Nessie is Arkova's credential metadata extraction model, fine-tuned from Meta Llama 3.1 8B Instruct for structured extraction of credential metadata from PII-stripped document text.
Model Details
Base model: meta-llama/Meta-Llama-3.1-8B-Instruct
Fine-tuning: Together AI (job ft-b8594db6-80f9)
Training data: 1,903 train + 211 validation examples
Precision: float16
Context length: 32,768 tokens
Training mix: 75% domain-specific + 25% general credential data
Evaluation Results (v5)
Metric
Value
Weighted F1
87.2%
Macro F1
75.7%
Mean Confidence
72.5%
Mean Accuracy
83.5%
Confidence Correlation (r)
0.539
Mean Latency
1,543ms
Per-Type Performance (Top 10)
Type
Weighted F1
Sample Size
FINANCIAL
100.0%
n=2
TRANSCRIPT
100.0%
n=2
RESUME
100.0%
n=2
DEGREE
98.5%
n=11
PATENT
97.1%
n=4
LICENSE
96.6%
n=10
PROFESSIONAL
95.8%
n=7
INSURANCE
93.3%
n=4
LEGAL
92.9%
n=3
CLE
91.1%
n=2
Intended Use
Nessie extracts structured metadata from PII-stripped credential text.

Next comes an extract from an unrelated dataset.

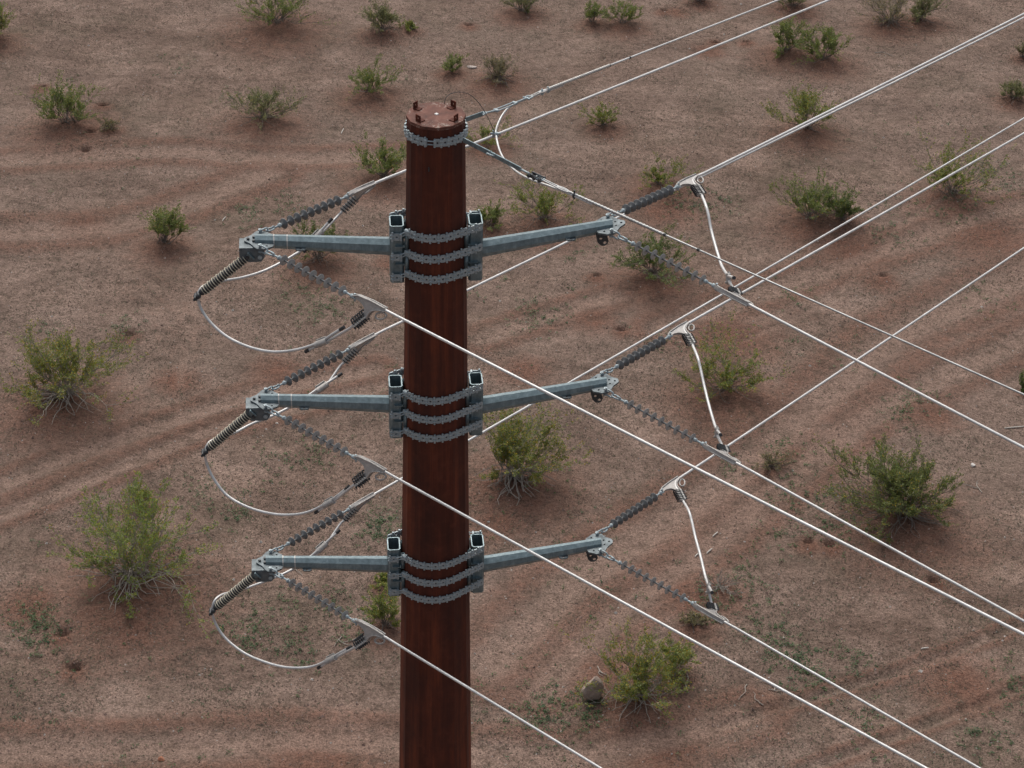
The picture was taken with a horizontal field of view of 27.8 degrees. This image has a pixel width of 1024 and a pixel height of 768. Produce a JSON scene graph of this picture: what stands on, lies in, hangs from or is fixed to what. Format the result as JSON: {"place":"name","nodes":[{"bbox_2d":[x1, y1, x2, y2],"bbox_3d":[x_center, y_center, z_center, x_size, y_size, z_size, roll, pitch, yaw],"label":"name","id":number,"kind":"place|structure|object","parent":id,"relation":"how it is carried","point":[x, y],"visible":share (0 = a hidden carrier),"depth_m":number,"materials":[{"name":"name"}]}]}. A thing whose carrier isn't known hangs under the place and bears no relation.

Input is pre-processed to remove personally identifiable information before reaching the model.
Important: This model must be used with its trained condensed prompt (~1.5K chars). Using the full extraction prompt (58K chars) causes 0% F1 due to prompt template mismatch.